Friday, March 4, 2011

Showing Their Metal


by Daniel Kuether, Heavy Metal fan

When it came to objects d’art, the Martin family gathered pieces from everywhere.  This included work by local artisans, Japanese prints, and pieces given or sold specifically to the family by Frank Lloyd Wright.  A group of pieces in the Martin collection of particular interest to Buffalonians and Arts and Crafts enthusiasts is a series of metalware vessels bearing the maker’s mark of a local craft shop:  Heintz Art Metal. 

In 1903, Otto L. Heintz left his Buffalo family business - the Heintz Brothers jewelry shop - and bought the local Arts & Crafts Company.  He changed the name to Art Crafts Shop in 1905 and, finally, to the Heintz Art Metal Shop in 1906.  The shop quickly grew in popularity for its distinctive designs.  The business would be short lived however, and after the death of Otto Heintz in 1918, the company closed for good following the stock market crash in 1929.

The Arts and Crafts Movement was in full swing by the time the Martins were preparing to make their home on Jewett Parkway.  The styles and motifs of this movement can be seen in many of the local craftsmens’ works, including the products of the Roycrofters and their charismatic leader Elbert Hubbard, a dear friend of Darwin Martin’s.

Heintz Art Metal gained prestige primarily for its popular silver-on-bronze decorative overlays.  Darwin Martin owned a desk set of this signature Heintz variety. What’s unusual about the Martins’ set of five Heintz vessels is that they look nothing like this popular style, though they still bear the Heintz stamp.  Each has a brass, acid-etched finish producing an irregular design, but there is no trace of the famous silver - or the earlier colored enamel - overlay.  

The Martins' set of five Heintz Art Metal vessels
 So where does that put the Martins’ Heintz metalware vessels?  The acid-etched pieces were produced prior to the popular silver overlay wares.  They most likely belong to the early transitional period between 1903 and the company’s name change in 1906.  Their finish has become known to dealers and collectors as a “Tiffany-type patina,” referencing their resemblance to works by the Louis Comfort Tiffany Co.  This would be a sign of the times and the competition between the two metalware companies. 

The Martins’ vessels are quite unique, and few similar pieces exist.  Their presence in the Martin House collection is an important example of Arts & Crafts design tied to local Buffalo history.

Bottom of one of the vessels, showing the Heintz shop mark and "IRM" monogram (Isabelle Reidpath Martin)

5 comments:

Anonymous said...

Firstly, whatever the top of the post is supposed to be, video or slide show, is not working for me ????

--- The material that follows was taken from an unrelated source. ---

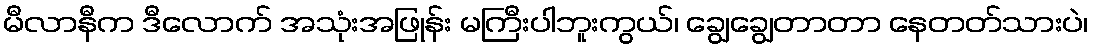
မီလာနီက ဒီလောက် အသုံးအဖြုန်း မကြီးပါဘူးကွယ်၊ ချွေချွေတာတာ နေတတ်သားပဲ၊

Intriguing, and in my limited knowledge quite correct to question the lack of sterling overlay. Have you contacted David Surgan at heintzcollector.com for any input - he is the guru on Heintz. I have both Heintz and Silvercrest pieces in my collection and specifically have picked up Silvercrest for the geometric patterns (that Heintz lacks) assuming that the parallel period for Silvercrest, i.e. 1919-1929 (I believe) reflects the Prairie vibe happening in Buffalo. Too bad there isn't more literature out there for both.

Gus

EJF said...

Gus -

There are two images in the post, but no video or slideshow at the top, so I'm not sure what you're referring to. May I ask what internet browser you're using?

I don't think we're questioning whether these pieces are Heintz or not. We found examples of the "Tiffany" or gold dore finish in the Kevin McConnell book. Contacting Surgan is a good idea and we'll pursue that.

Thanks

EJF

Anonymous said...

I use Explorer mostly - I get a grey box with a triangular start button in it, suggesting a video or flash slide show or similar. It appears just below the message title and above the author's name. I also run Firefox and checking it there is no box. I know there are subtle differences between browsers, so just a software glitch I suppose.

Gus

Dick Olson said...

This is how a proper bearing maintenance should be made. And you showed it nicely too. Very detailed. Nicely done. hydrodynamic bearings

Anonymous said...

I think the set likely dates from 1906-1912 or later and not from 1903-1906. That the mark is for the Heintz Art Metal Shop and not the Art Crafts Shop indicates that it is a later piece. Were you able to follow up with Surgan for advice?